Consider two women, A doesn't want children and B does. How do you think A
will feel having worked hard for a year while B was on maternity leave, only
to find that B's seniority etc has kept up with zero effort or contribution to
the company on her part?

------
Carioca
Here's an interesting analysis: [http://www.metafilter.com/126704/with-
numbers-like-these-why...](http://www.metafilter.com/126704/with-numbers-like-
these-why-would-women-want-to-work-in-games#4905768)

------
callesgg
But three is a gender distribution that is of the charts.

------
michaelochurch
I think there is, but I can't prove it. I have anecdotes about specific
companies, and some companies are viciously sexist while others aren't. Most
of the sexism comes from the mainstream business culture (what I sometimes
call "MBA culture" but that's not entirely fair because some MBAs are fine)
and not from tech itself. (Brogrammers are trying to be ballers, not hackers.)
The more "corporate" a tech company is, the more it will be sexist. Often this
isn't overt, so much as an artifact; women get the shaft not because of
explicit sexism but because they don't negotiate for themselves or elbow their
way on to the best projects.

 _Regression analysis was used to estimate wage differences, after controlling
for the following choices and characteristics: graduates’ occupation, economic
sector, hours worked, employment status (having multiple jobs as opposed to
one full-time job), months unemployed since graduation, grade point average,
undergraduate major, kind of institution attended, age, geographical region,
and marital status._

That's really misleading. Some of those variables at least _might_ have gender
baked into them.
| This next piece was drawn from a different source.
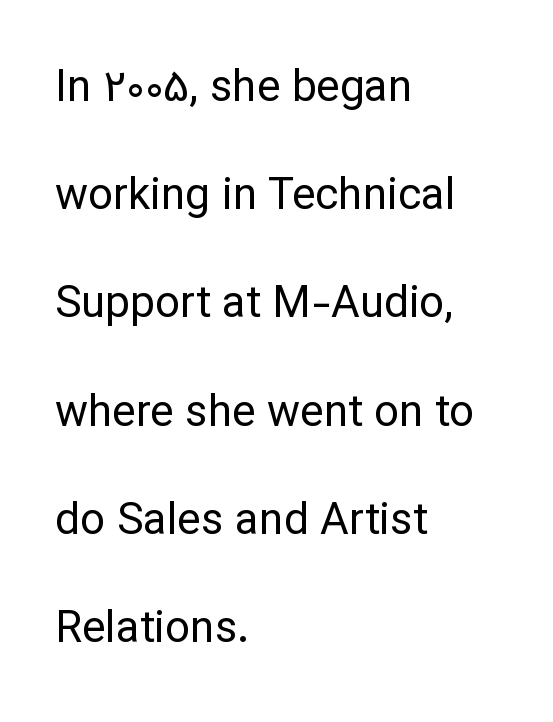
{"serif": "no", "italic": "no", "bold": "no", "weight": "regular", "width": "normal", "stroke_contrast": "low", "x_height": "medium", "monospaced": "no", "underline": "no", "align": "left", "line_spacing": "loose", "line_spacing_ratio": 2.46, "letter_spacing": "normal", "letter_spacing_em": 0.0, "glyph_px": 44}

For one example, let's say that women are more likely to have
longer unemployment spells after college. (I don't know if this is true.) Then
there could be zero gender correlation in the model not because there is none,
but because that input factors it out.

With 11 variables, some of those being categories, you're going to almost
certainly have "small data" issues on real world datasets, where the inputs
(empirical "design matrix") are not even remotely orthogonal. So pardon me if
I don't buy it.

The issue isn't that companies explicitly choose to pay women poorly. It's
that many tech companies end up with shitty cultures that exclude women, which
leaves them out of the loop and causes them to end up on shitty projects. It
doesn't happen by intention. The leadership of most tech companies is
criminally negligent on _a lot_ of cultural issues, but not explicitly sexist.

ETA: it's also worth pointing out the "women don't negotiate" argument. I
think this is because they get worse results. My wife is a better negotiator
than I am, in terms of skill level, but whenever we have to haggle on the
price of something, I go out... and I often get more, not because I am better,
but because a 6' male is more intimidating.

------
caiob
Are we still discussing the whole women vs men in tech thingy? I miss when HN
used to discuss real issues.

------
undoware
Yes, just statistical gaps in who gets those salaries.

Wake me when there's justice.

------
anovikov
In the coder freelancing world, women easily command higher wages than men do
(and with reason). Easy proof is that there seem to be a lot of female
freelancer profiles on sites like odesk.com, but most of them hide a man
behind them (just try to make them do a voice call). Because guys know women
are better paid. I have never heard of reverse.